Records from a dataset:
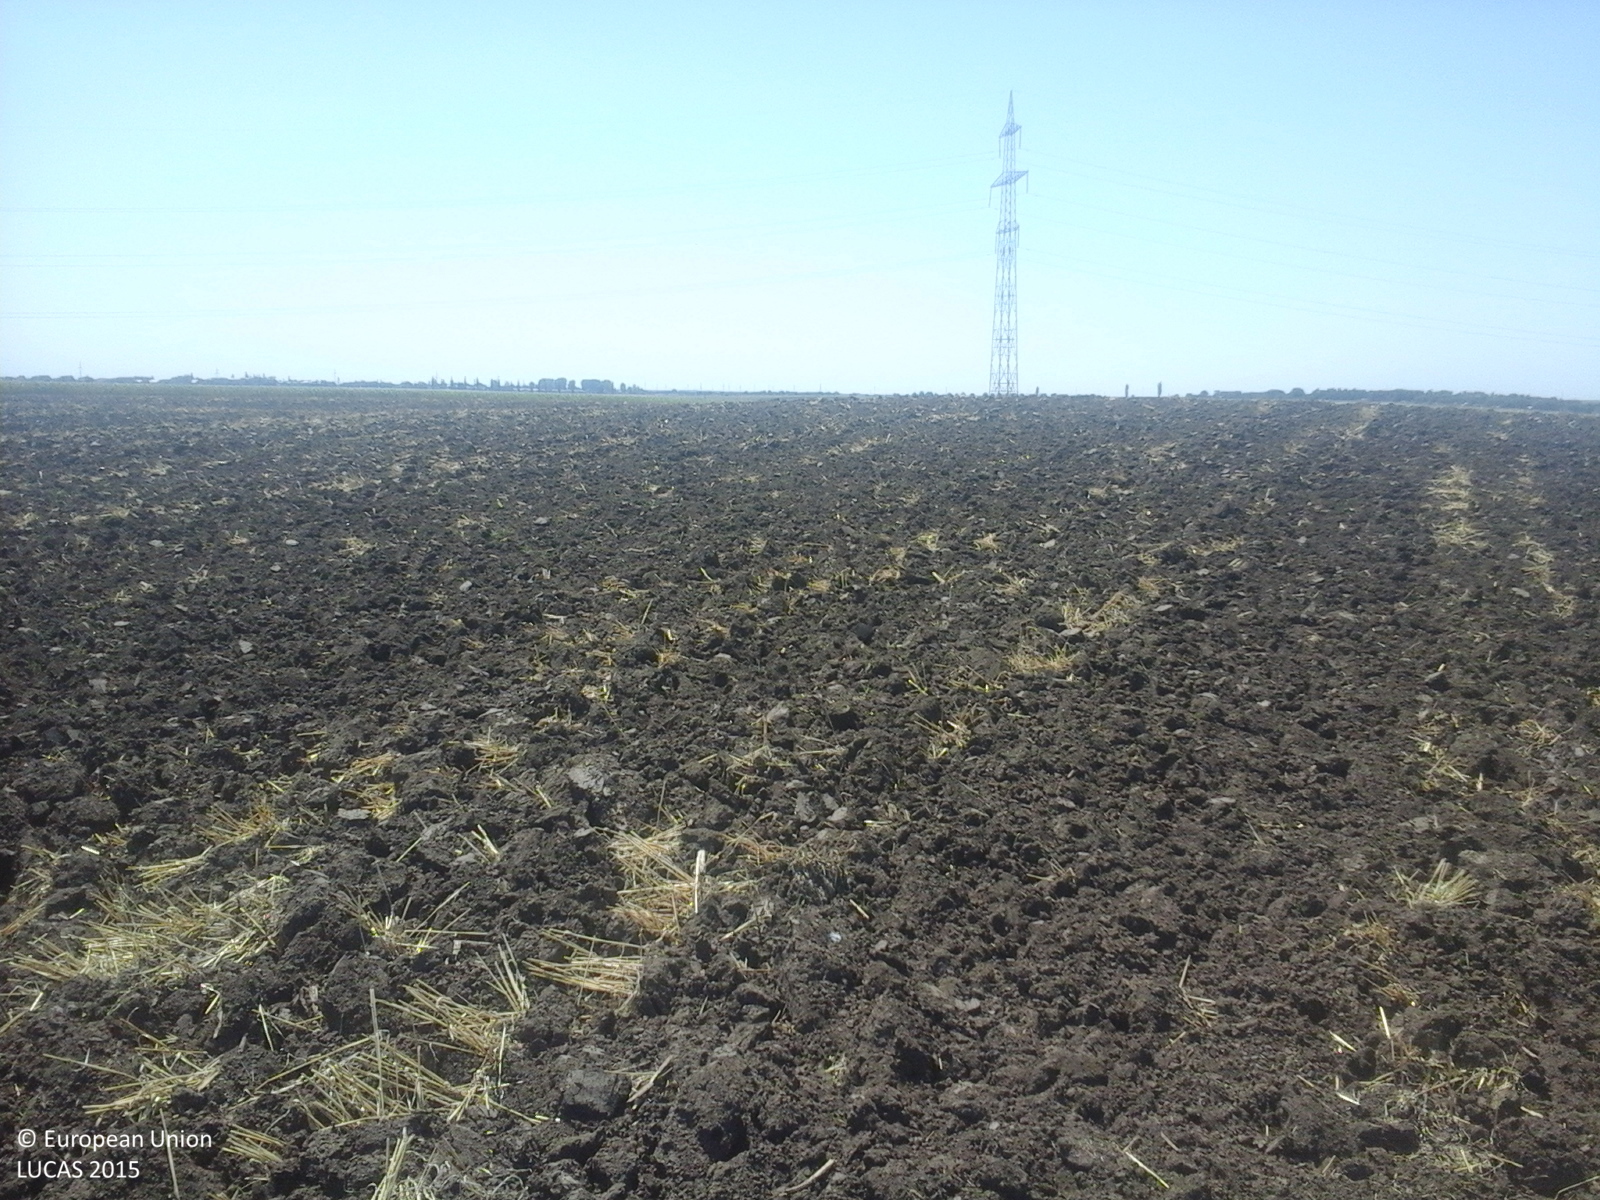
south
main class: Cropland
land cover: Durum wheat
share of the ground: < 10 %
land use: Agriculture (excluding fallow land and kitchen gardens)
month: July
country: RO
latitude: 44.4044
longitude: 26.6813
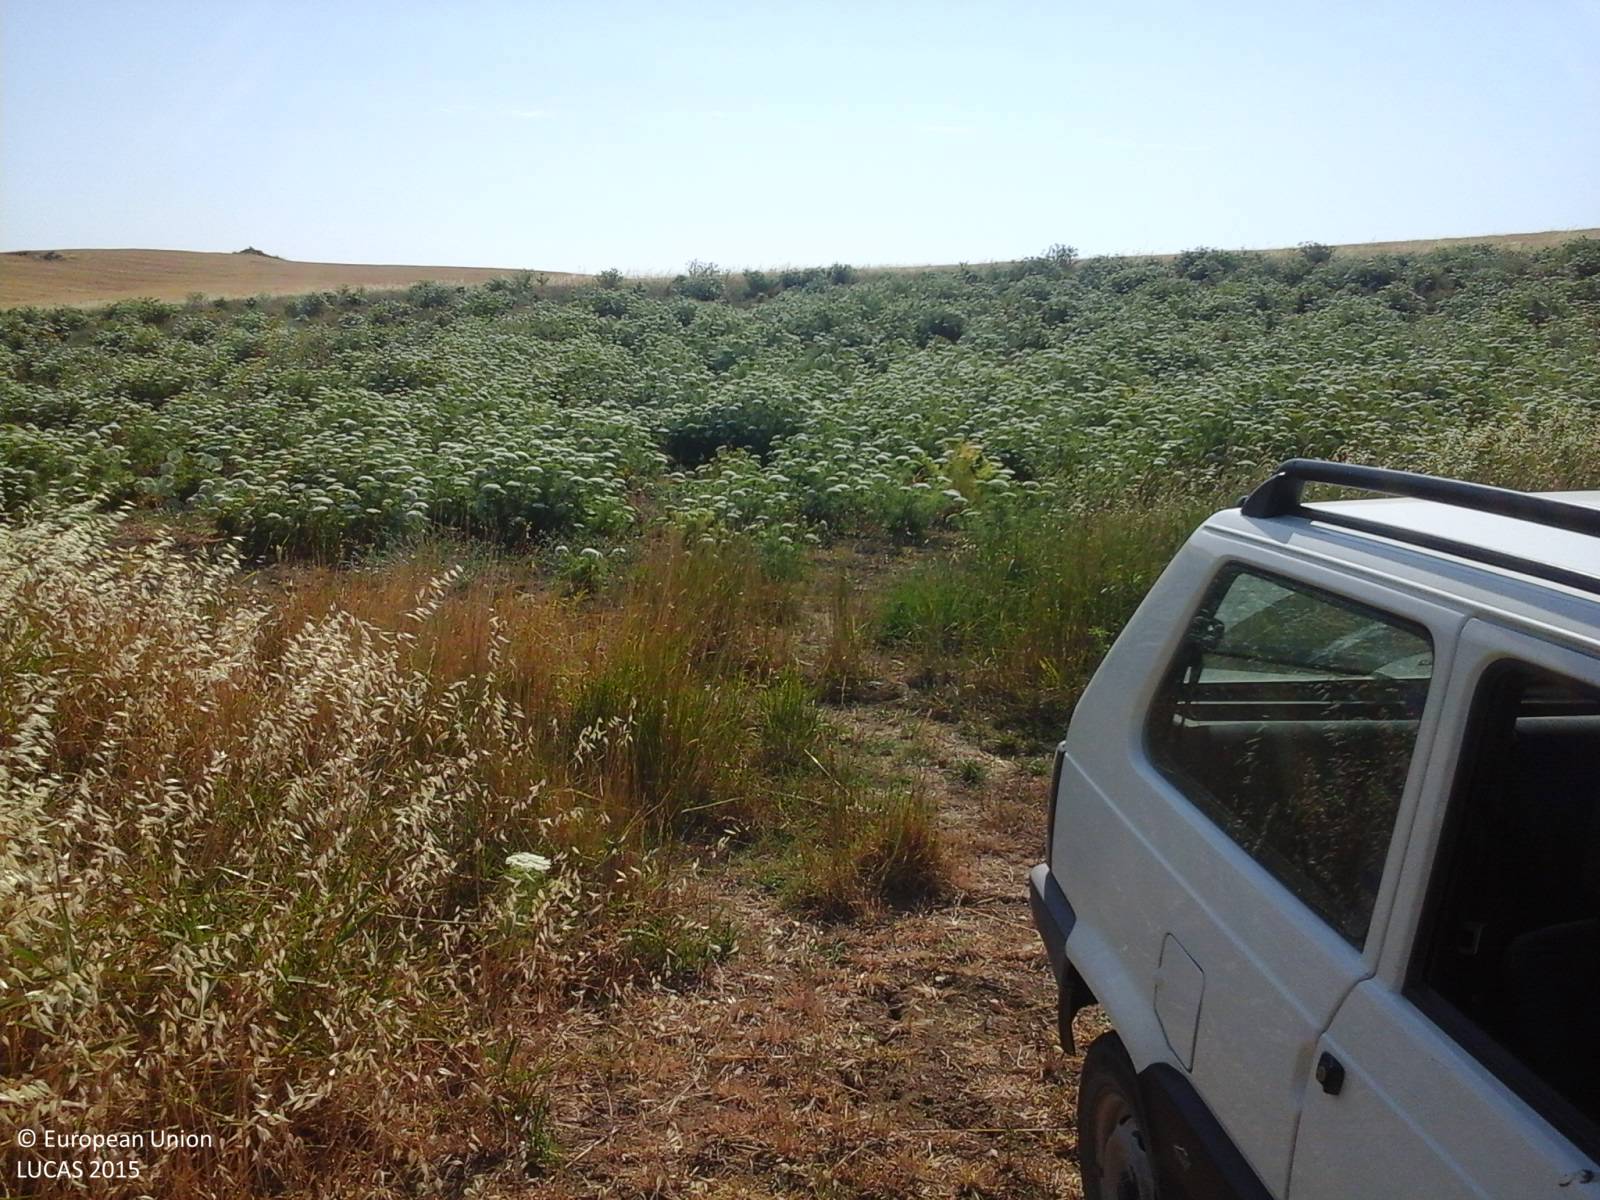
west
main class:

WHAT THE TASK REQUIRES: Starting at the line that contains "main class: Cropland", retype each line through the end of the data exactly, and leave out every picture.

ANSWER AREA:
main class: Cropland
land cover: Durum wheat
share of the ground: < 10 %
land use: Agriculture (excluding fallow land and kitchen gardens)
month: July
country: RO
latitude: 44.4044
longitude: 26.6813
west
main class:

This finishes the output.